Data Governance: Effective Strategies for Data-Driven Businesses

Only 30% of the data available in companies is used, mainly due to internal ignorance of the information available.

In the information age, data governance has become a fundamental pillar for organisations seeking to optimise their operations and maintain a competitive advantage in the marketplace. Implementing an effective data governance strategy not only ensures the quality and proper use of information, but also drives companies towards a truly Data-Driven model.

In this sense, PUE, Spanish technology leader in integrated solutions for consulting and implementation of Data, GenAI and Cloud projects, analyses the best practices and benefits associated with a robust and well-structured data governance.

Methodology and Technology: Two Essential Pillars

From a methodological point of view, it is essential to clearly define roles, responsibilities and owners of data assets within the organisation. Promoting the use of data, both internally and externally, is crucial. Measuring the use and quality of data through well-defined KPIs allows for accurate metrics that ensure that data is not only available, but that it is of high quality and used effectively.

From a technology perspective, the key is to use open, polyglot tools that can collect metadata from a variety of sources, detect changes and measure data quality. Automating these processes is vital to ensure efficient data governance in multi-technology or multi-cloud environments.

What are the most common mistakes?

However, as Sergio Rodríguez de Guzmán, CTO of PUE, says, “one of the most common mistakes organisations make when establishing data governance policies is the lack of measurement of data usage. Although generating a data catalogue is usually not problematic, promoting and measuring the use of this data is often overlooked. To avoid this mistake, it is crucial to implement practices that encourage active use and continuous evaluation of the impact and quality of data.”

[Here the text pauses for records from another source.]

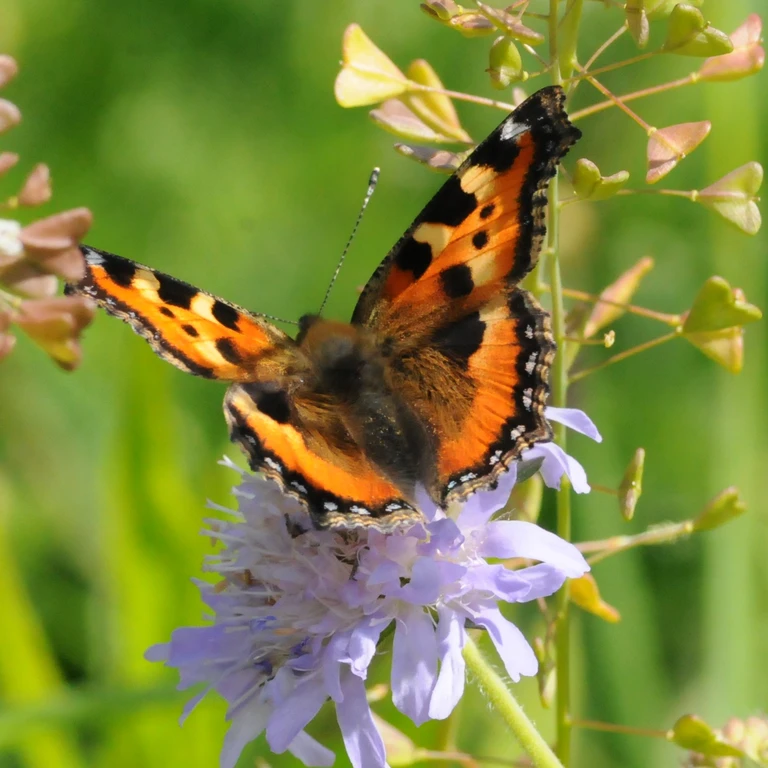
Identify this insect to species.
Aglais urticae
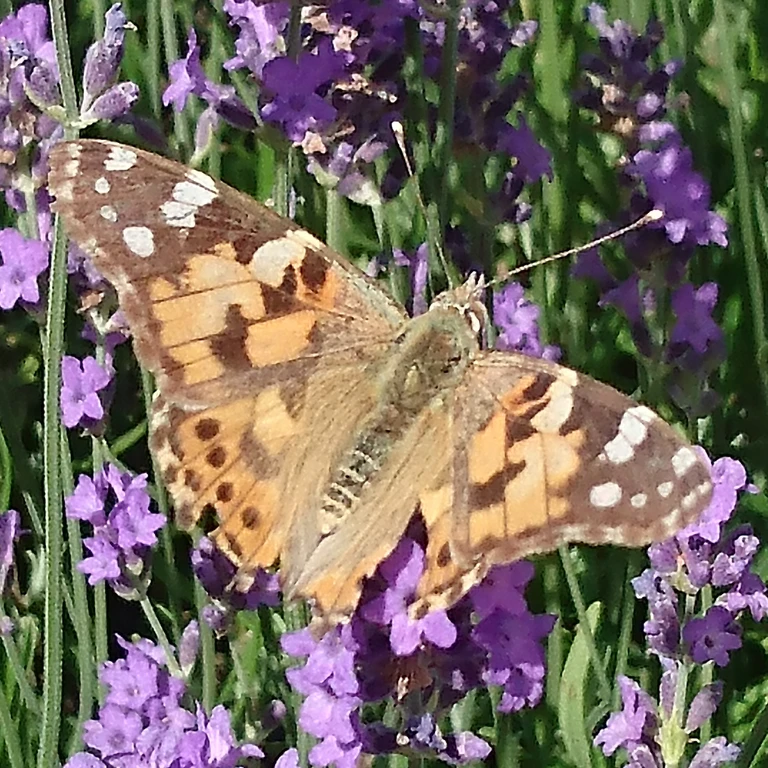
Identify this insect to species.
Vanessa cardui
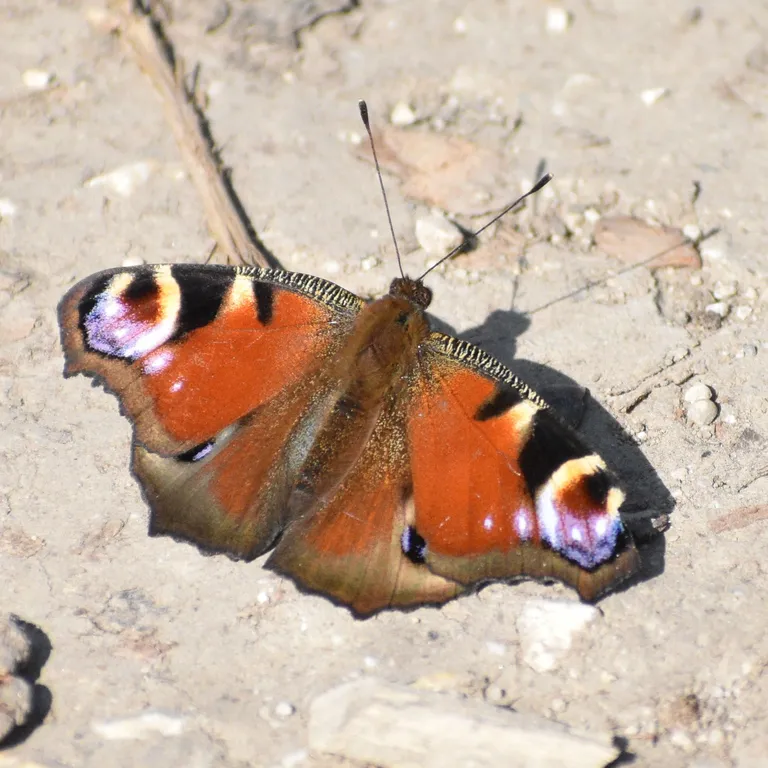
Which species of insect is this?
Aglais io
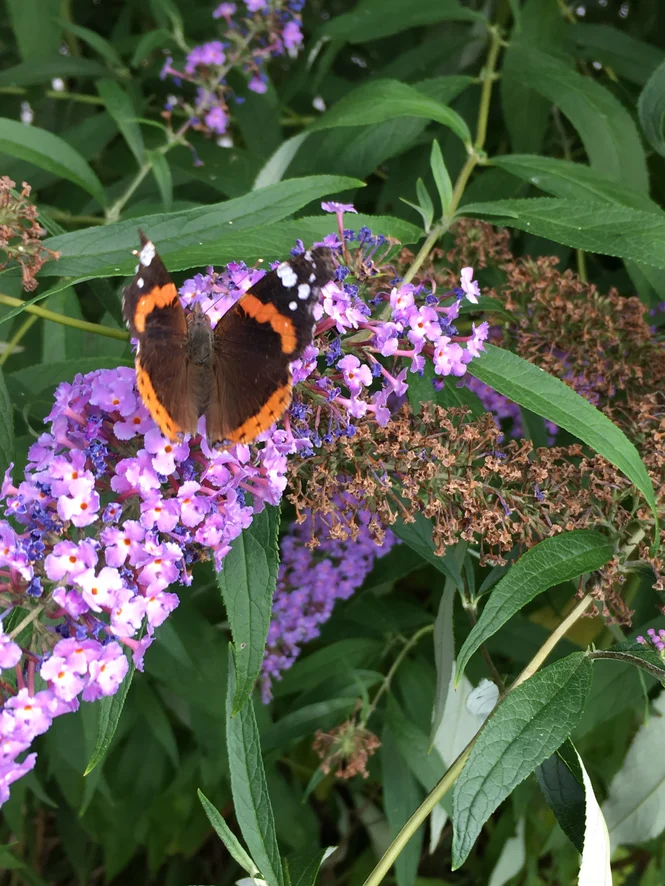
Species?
Vanessa atalanta

Organisations that implement well-structured data governance gain several competitive advantages. Currently, it is estimated that only 30% of the data available in companies is used, mainly due to internal ignorance of the information available. With the right data governance policy, companies can significantly increase this percentage, becoming truly Data-Driven companies, enabling them to make more informed and strategic decisions.

Measuring and Evaluating Data Governance

To measure and evaluate the effectiveness of their data governance strategies, organisations must define and analyse specific KPIs. Observability of information is a key concept for successful data advocacy, and this is achieved by using technologies that enable complete and accurate visibility of data and its uses.

Hybrid environments and AI: the future of governance

Technologies such as artificial intelligence (AI) and machine learning play a crucial role in improving data governance. Generative AI, in particular, can understand and reason about the information available to companies, generating metadata, measuring the quality of the information, detecting anomalies and proposing solutions to the errors found.

Contrary to what one might think, a hybrid or multi-cloud infrastructure does not necessarily complicate data governance. Modern communications allow these environments to operate as a coherent whole. The key is to use appropriate tools that facilitate interoperability between different systems and clouds, ensuring smooth and efficient data governance.

Implementing an effective data governance strategy is essential for any organisation that aspires to be competitive in the digital age. By following methodological and technological best practices, avoiding common mistakes and taking advantage of emerging technologies, companies can ensure their data’s quality and optimal use, thus achieving a sustainable competitive advantage.